Big Note in Theory: Rs.500 is aam admi’s essential

With regard to demonetisation of Rs.500, I assume there was no comprehension of its usage. With rising cost of living and inflation, Rs.500 has become a ‘common’ note that is being frequently used, exchanged and converted into small change. However, policy makers probably missed the extent of its usage and reach. Recently, in a meeting on demonetisation, a regional party leader declared that their long standing demand was to ban ‘big’ notes. He went on to explain that ‘big’ note facilitates black money holders to stash away more and more easily. I asked him what is the definition of a ‘big’ note, and did they notice that Rs.500 note lost its ‘bigness’ as it became common.
On the other hand, apart from Rs.500 and 1,000 notes, India does not have any other ‘big’ notes. An essential qualification of a ‘big’ note is to reduce the volumes of cash into smaller packs. As corruption forms and levels increased, black money flow multiplied, rich people were still stuck with Rs.500 and Rs.1,000 notes. In the absence of higher denomination notes, both the black markets and with inflation, common people have been using and continuing to use Rs.500 note. This was not the case in the earlier years.
In the past, when you wanted Rs.500 notes to replace a stack of Rs.100 notes, bank cashiers used to snigger, and it required all your skills and influence to get such a wad. In the last few years, in not more than 5 to 6 years, slowly and steadily Rs.500 became a normal note, in the pockets of common people. Depth of its usage has not been assessed by the Prime Minister, nor his advisors.
Even people, knowledgeable and angry at the growth of black money, do not acknowledge that Rs.500 note is longer ‘big’. Secondly, Rs.500 became a normal note for all transactions of higher volume, between traders, traders and producers, and consumers. Agricultural produce is procured by traders, at agricultural markets, and beyond, through direct cash transactions. Fruit, vegetable and grain farmers insist on cash payments, at a cost, primarily to avoid multiple trips on payments, and also they require cash for their needs and next crop season investments. Traders also find it easier, since it helps them to avoid tax payments. No one wants a paper trail. Even government procurement agencies had to pay on the spot.
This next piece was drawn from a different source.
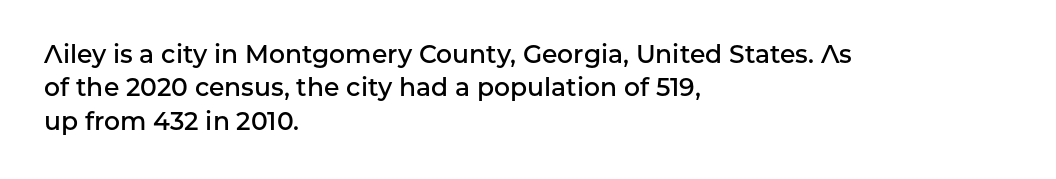
{"italic": "no", "bold": "semi", "underline": "no", "align": "left", "line_spacing": "normal", "line_spacing_ratio": 1.34, "letter_spacing": "normal", "letter_spacing_em": 0.0, "glyph_px": 25}

According to the data available with the RBI, the number of Rs 500 notes in circulation increased from 1,141 crore pieces between 2014 and 2016, a whopping 38 percent increase over two years. Similarly, the number of Rs 1,000 notes rose 24.5 percent from 508 crore to 633 crore pieces during the period. Both the denominations together witnessed a jump of 33.6 percent over the two-year period. This increase could be explained by more and more ‘cash hoarding’ and/or usage.


Meanwhile, share of Rs 500 notes as a percent of total currency notes in circulation increased during the period from 14.7 percent to 17.4 percent. The corresponding figures for Rs 1,000 stood at 6.6 percent as of 31 March, 2014 and 7 percent as of 31 March 2016. In value terms, Rs 500 and Rs 1000 notes together account for Rs 14.2 lakh crore, which is 86.4 percent of the total as of 31 March, 2016. This is an increase from Rs 10.8 lakh crore (84.1 percent) in fiscal 2014.
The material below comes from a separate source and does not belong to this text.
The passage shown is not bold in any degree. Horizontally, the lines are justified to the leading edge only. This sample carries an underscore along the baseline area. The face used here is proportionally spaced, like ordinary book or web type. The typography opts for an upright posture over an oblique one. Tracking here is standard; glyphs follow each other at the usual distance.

According to the RBI press conference on 8th November, 2016, there are 16.5 billion ‘500-rupee’ notes and 6.7 billion ‘1000-rupee’ notes in circulation.


All these statistics substantiate the point that Rs.500 note is a norm, and has lost its ‘big’ note status as defined by the lobby that wants to control black money through currency demonetisation. Prime Minister was probably not advised on this, and has ended up putting common people into difficulties, by his bold initiative. His announcement should have been preceded by a preparation on increasing the circulation of Rs.100 notes, equivalent to the volumes and value of Rs.500 and Rs.1,000 notes. Prime Minister should have timed it better by being conscious of agricultural season. He was probably conscious of salaries and hence 8th day of the month was chosen.